Many of the affected Twitter users had previously registered on P2P file-sharing sites - and hackers had been able to enter the sites through a backdoor and grab their account information (including email address and password).

Although a username and password for a torrent-downloading website may not seem very valuable, it does have a significant worth if the same email address and password is being used for a social networking site like Twitter too.

As we've explained before, you should never use the same username and password on multiple websites. It's like having a skeleton key which opens every door - if they grab your password in one place they can try it in many other places.

Also, you should ensure that your password is not a dictionary word, and is suitably complex that it's hard to break with a dictionary attack.

Here's a video which explains how to choose a strong password, which is easy to remember but still hard to crack:

(Enjoy this video? You can check out more on the SophosLabs YouTube channel and subscribe if you like)

Don't delay, be sensible and make your passwords more secure today.

* Image source: canonsnapper's Flickr photostream (Creative Commons)

, , , , , ,

You might like

12 Responses to How to choose a strong password

  1. Tim Cooper · 1741 days ago

    I disagree with "Unique passwords are a requirement, not a luxury". This is not practical, hardly anyone follows this advice, and I'd be curious to know whether Chester Wisniewski follows his own advice in this regard (and if so, how many sites is he registered with?)

    My advice is to have 2 low-security passwords: one widely used one for non-sensitive sites and another less often used one for more sensitive sites, PLUS a unique password for each internet banking/paypal type account.

    And of course all web sites should use salted cryptographic hashes, salted with the username plus a secret site-specific salt.

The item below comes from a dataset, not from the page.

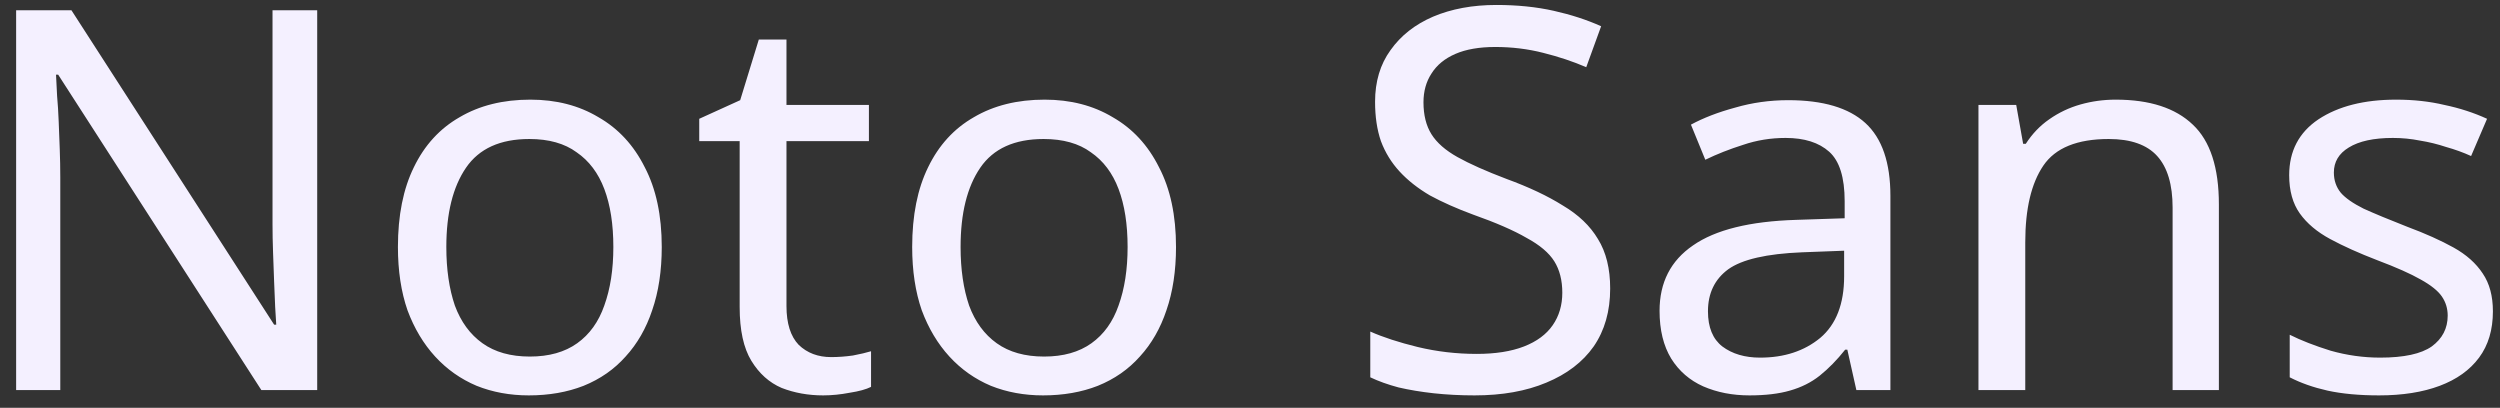 <?xml version="1.0" encoding="UTF-8"?> <svg xmlns="http://www.w3.org/2000/svg" width="141" height="23" viewBox="0 0 141 23" fill="none"><rect x="0" y="0" width="141" height="23" fill="#333333" stroke="none"/><path d="M17.89 22H14.74L3.28 4.21H3.16C3.18 4.57 3.2 4.97 3.22 5.41C3.26 5.85 3.29 6.33 3.31 6.85C3.33 7.35 3.35 7.87 3.37 8.41C3.39 8.95 3.4 9.49 3.4 10.03V22H0.91V0.58H4.03L15.46 18.31H15.58C15.56 18.07 15.54 17.74 15.52 17.32C15.5 16.88 15.48 16.4 15.46 15.88C15.44 15.34 15.42 14.79 15.4 14.23C15.38 13.67 15.37 13.15 15.37 12.67V0.58H17.89V22ZM37.323 13.93C37.323 15.27 37.143 16.46 36.783 17.5C36.443 18.52 35.943 19.39 35.283 20.11C34.643 20.83 33.853 21.38 32.913 21.76C31.993 22.12 30.963 22.3 29.823 22.3C28.763 22.3 27.783 22.12 26.883 21.76C25.983 21.38 25.203 20.83 24.543 20.11C23.883 19.39 23.363 18.52 22.983 17.5C22.623 16.46 22.443 15.27 22.443 13.93C22.443 12.15 22.743 10.65 23.343 9.43C23.943 8.19 24.803 7.25 25.923 6.61C27.043 5.95 28.373 5.62 29.913 5.62C31.373 5.62 32.653 5.95 33.753 6.61C34.873 7.25 35.743 8.19 36.363 9.43C37.003 10.65 37.323 12.15 37.323 13.93ZM25.173 13.93C25.173 15.19 25.333 16.29 25.653 17.23C25.993 18.15 26.513 18.86 27.213 19.36C27.913 19.86 28.803 20.11 29.883 20.11C30.963 20.11 31.853 19.86 32.553 19.36C33.253 18.86 33.763 18.15 34.083 17.23C34.423 16.29 34.593 15.19 34.593 13.93C34.593 12.65 34.423 11.56 34.083 10.66C33.743 9.76 33.223 9.07 32.523 8.59C31.843 8.09 30.953 7.84 29.853 7.84C28.213 7.84 27.023 8.38 26.283 9.46C25.543 10.54 25.173 12.03 25.173 13.93ZM46.877 20.14C47.277 20.14 47.687 20.11 48.107 20.05C48.527 19.97 48.867 19.89 49.127 19.81V21.82C48.847 21.96 48.447 22.07 47.927 22.15C47.407 22.25 46.907 22.3 46.427 22.3C45.587 22.3 44.807 22.16 44.087 21.88C43.387 21.58 42.817 21.07 42.377 20.35C41.937 19.63 41.717 18.62 41.717 17.32V7.96H39.437V6.7L41.747 5.65L42.797 2.23H44.357V5.92H49.007V7.96H44.357V17.26C44.357 18.24 44.587 18.97 45.047 19.45C45.527 19.91 46.137 20.14 46.877 20.14ZM66.327 13.93C66.327 15.27 66.147 16.46 65.787 17.5C65.447 18.52 64.947 19.39 64.287 20.11C63.647 20.83 62.857 21.38 61.917 21.76C60.997 22.12 59.967 22.3 58.827 22.3C57.767 22.3 56.787 22.12 55.887 21.76C54.987 21.38 54.207 20.83 53.547 20.11C52.887 19.39 52.367 18.52 51.987 17.5C51.627 16.46 51.447 15.27 51.447 13.93C51.447 12.15 51.747 10.65 52.347 9.43C52.947 8.19 53.807 7.25 54.927 6.61C56.047 5.95 57.377 5.62 58.917 5.62C60.377 5.62 61.657 5.95 62.757 6.61C63.877 7.25 64.747 8.19 65.367 9.43C66.007 10.65 66.327 12.15 66.327 13.93ZM54.177 13.93C54.177 15.19 54.337 16.29 54.657 17.23C54.997 18.15 55.517 18.86 56.217 19.36C56.917 19.86 57.807 20.11 58.887 20.11C59.967 20.11 60.857 19.86 61.557 19.36C62.257 18.86 62.767 18.15 63.087 17.23C63.427 16.29 63.597 15.19 63.597 13.93C63.597 12.65 63.427 11.56 63.087 10.66C62.747 9.76 62.227 9.07 61.527 8.59C60.847 8.09 59.957 7.84 58.857 7.84C57.217 7.84 56.027 8.38 55.287 9.46C54.547 10.54 54.177 12.03 54.177 13.93ZM90.814 16.27C90.814 17.55 90.504 18.64 89.884 19.54C89.264 20.42 88.374 21.1 87.214 21.58C86.074 22.06 84.724 22.3 83.164 22.3C82.364 22.3 81.594 22.26 80.854 22.18C80.134 22.1 79.474 21.99 78.874 21.85C78.274 21.69 77.744 21.5 77.284 21.28V18.7C78.004 19.02 78.894 19.31 79.954 19.57C81.034 19.83 82.144 19.96 83.284 19.96C84.344 19.96 85.234 19.82 85.954 19.54C86.674 19.26 87.214 18.86 87.574 18.34C87.934 17.82 88.114 17.21 88.114 16.51C88.114 15.81 87.964 15.22 87.664 14.74C87.364 14.26 86.844 13.82 86.104 13.42C85.384 13 84.374 12.56 83.074 12.1C82.154 11.76 81.344 11.4 80.644 11.02C79.964 10.62 79.394 10.17 78.934 9.67C78.474 9.17 78.124 8.6 77.884 7.96C77.664 7.32 77.554 6.58 77.554 5.74C77.554 4.6 77.844 3.63 78.424 2.83C79.004 2.01 79.804 1.38 80.824 0.94C81.864 0.5 83.054 0.28 84.394 0.28C85.574 0.28 86.654 0.39 87.634 0.61C88.614 0.83 89.504 1.12 90.304 1.48L89.464 3.79C88.724 3.47 87.914 3.2 87.034 2.98C86.174 2.76 85.274 2.65 84.334 2.65C83.434 2.65 82.684 2.78 82.084 3.04C81.484 3.3 81.034 3.67 80.734 4.15C80.434 4.61 80.284 5.15 80.284 5.77C80.284 6.49 80.434 7.09 80.734 7.57C81.034 8.05 81.524 8.48 82.204 8.86C82.884 9.24 83.804 9.65 84.964 10.09C86.224 10.55 87.284 11.05 88.144 11.59C89.024 12.11 89.684 12.74 90.124 13.48C90.584 14.22 90.814 15.15 90.814 16.27ZM100.859 5.65C102.819 5.65 104.269 6.08 105.209 6.94C106.149 7.8 106.619 9.17 106.619 11.05V22H104.699L104.189 19.72H104.069C103.609 20.3 103.129 20.79 102.629 21.19C102.149 21.57 101.589 21.85 100.949 22.03C100.329 22.21 99.569 22.3 98.669 22.3C97.709 22.3 96.839 22.13 96.059 21.79C95.299 21.45 94.699 20.93 94.259 20.23C93.819 19.51 93.599 18.61 93.599 17.53C93.599 15.93 94.229 14.7 95.489 13.84C96.749 12.96 98.689 12.48 101.309 12.4L104.039 12.31V11.35C104.039 10.01 103.749 9.08 103.169 8.56C102.589 8.04 101.769 7.78 100.709 7.78C99.869 7.78 99.069 7.91 98.309 8.17C97.549 8.41 96.839 8.69 96.179 9.01L95.369 7.03C96.069 6.65 96.899 6.33 97.859 6.07C98.819 5.79 99.819 5.65 100.859 5.65ZM101.639 14.23C99.639 14.31 98.249 14.63 97.469 15.19C96.709 15.75 96.329 16.54 96.329 17.56C96.329 18.46 96.599 19.12 97.139 19.54C97.699 19.96 98.409 20.17 99.269 20.17C100.629 20.17 101.759 19.8 102.659 19.06C103.559 18.3 104.009 17.14 104.009 15.58V14.14L101.639 14.23ZM119.325 5.62C121.245 5.62 122.695 6.09 123.675 7.03C124.655 7.95 125.145 9.45 125.145 11.53V22H122.535V11.71C122.535 10.41 122.245 9.44 121.665 8.8C121.085 8.16 120.175 7.84 118.935 7.84C117.155 7.84 115.925 8.34 115.245 9.34C114.565 10.34 114.225 11.78 114.225 13.66V22H111.585V5.92H113.715L114.105 8.11H114.255C114.615 7.55 115.055 7.09 115.575 6.73C116.115 6.35 116.705 6.07 117.345 5.89C117.985 5.71 118.645 5.62 119.325 5.62ZM140.6 17.56C140.6 18.6 140.34 19.47 139.82 20.17C139.3 20.87 138.56 21.4 137.6 21.76C136.64 22.12 135.5 22.3 134.18 22.3C133.06 22.3 132.09 22.21 131.27 22.03C130.47 21.85 129.76 21.6 129.14 21.28V18.88C129.78 19.2 130.55 19.5 131.45 19.78C132.37 20.04 133.3 20.17 134.24 20.17C135.58 20.17 136.55 19.96 137.15 19.54C137.75 19.1 138.05 18.52 138.05 17.8C138.05 17.4 137.94 17.04 137.72 16.72C137.5 16.4 137.1 16.08 136.52 15.76C135.96 15.44 135.15 15.08 134.09 14.68C133.05 14.28 132.16 13.88 131.42 13.48C130.68 13.08 130.11 12.6 129.71 12.04C129.31 11.48 129.11 10.76 129.11 9.88C129.11 8.52 129.66 7.47 130.76 6.73C131.88 5.99 133.34 5.62 135.14 5.62C136.12 5.62 137.03 5.72 137.87 5.92C138.73 6.1 139.53 6.36 140.27 6.7L139.37 8.8C138.93 8.6 138.46 8.43 137.96 8.29C137.48 8.13 136.99 8.01 136.49 7.93C135.99 7.83 135.48 7.78 134.96 7.78C133.88 7.78 133.05 7.96 132.47 8.32C131.91 8.66 131.63 9.13 131.63 9.73C131.63 10.17 131.76 10.55 132.02 10.87C132.28 11.17 132.71 11.47 133.31 11.77C133.93 12.05 134.75 12.39 135.77 12.79C136.79 13.17 137.66 13.56 138.38 13.96C139.1 14.36 139.65 14.85 140.03 15.43C140.41 15.99 140.6 16.7 140.6 17.56Z" fill="#F4F0FF"></path></svg>

    • Many password Managers have the ability to be installed on mobile devices making it easy for you to add passwords for your home computer, your work intranet/network/computer and of course other things, making your phone's password hard to guess is much more better.

      making it a habit to throw away your old passwords every 6 months will make the crooks think twice about going against you, using 2 factor authentication for sites that offer it will make it almost impossible to break into and use against you.

      Choose a bank that has security in mind,if your credit card has no chip and they don't use SMS verification for when you're on the phone I would make a complaint, then take my business elsewhere, because whether I'm putting in $30 per week or using it to invest the savings of both my corporation and clients accounts... I want to make sure the money will remain there.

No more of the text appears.